Speaking at the Cloud Computing World forum in London today, JP Rangaswami said that cloud provides the scalability and flexibility that organisations need to survive in the modern age. However, organisations that choose to adopt private rather than public cloud will miss out on the benefits.
"Whenever anyone uses that phrase to you, just ask them who are you sharing costs with. If all the costs you're sharing are just with you, you're just kidding yourself, it ain't a cloud" said Rangaswami.
"The only way it has value is if someone else is taking the risk, and you can step it up or down. This isn't just a question of infrastructure; IT is not just about hardware. Your processes have to be able to scale, your ability to put things on and take things off has to be able to scale - everything you do has to be able to scale in both directions."
Rangaswami said that organisations have to move from thinking about scalable efficiency to thinking about scalable learning.

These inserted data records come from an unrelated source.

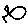
Label: fish
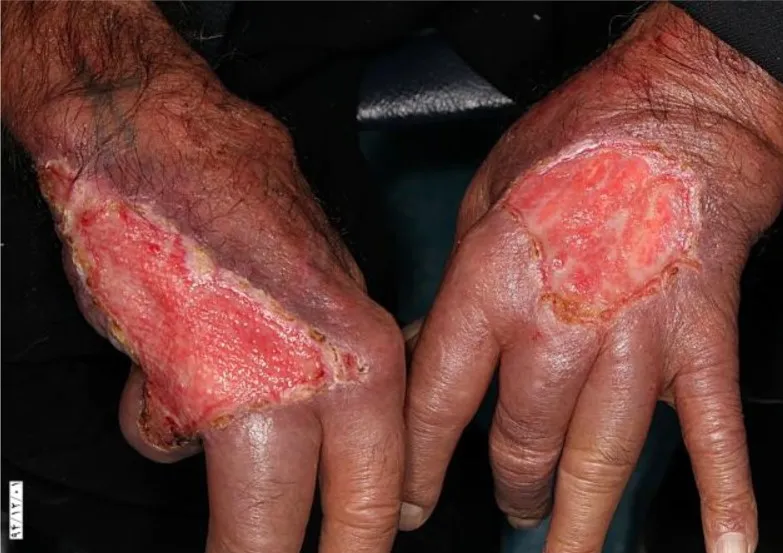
Significant treatment of lesion by meglumine antimoniate.
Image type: medical_photograph (skin_photograph)

While in the past, the focus was on reducing costs as a business grew, trends in globalisation, offshoring and outsourcing are forcing now companies to work differently.

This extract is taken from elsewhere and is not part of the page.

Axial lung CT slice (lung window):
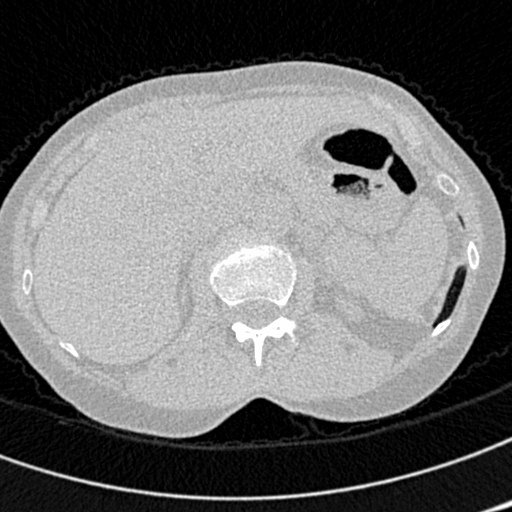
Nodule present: no

In particular, companies will have to employ social strategies, as increased competition and reduced barriers to entry make it harder to get a strong return on investment, according to Rangaswami.
"The reason for the social enterprise is because your return on assets is low. You had better connect up your customers, because if you don't they are going to remain connected up and leave you out of it," he said.
"In five years time they're going to be here and you're not. The social enterprise is as much a survival play as anything else, because of the incredible level of change that is taking place."
Rangaswami pointed to companies like Facebook, which puts the individual at the centre of the distribution network rather than at the edge, as a model of how businesses will have to operate in the future. He said that if the Web was big in 2004, Facebook is going to be bigger.
"Businesses used to be hierarchies of product and customer, they are now networks of relationship and capability," he said.
"We have learnt how to value product and customer over 600 years, but we have very little knowledge about how to value a relationship or how to value a capability, which is why we're really ill-equipped to deal with the changing world in this paradigm of the information age."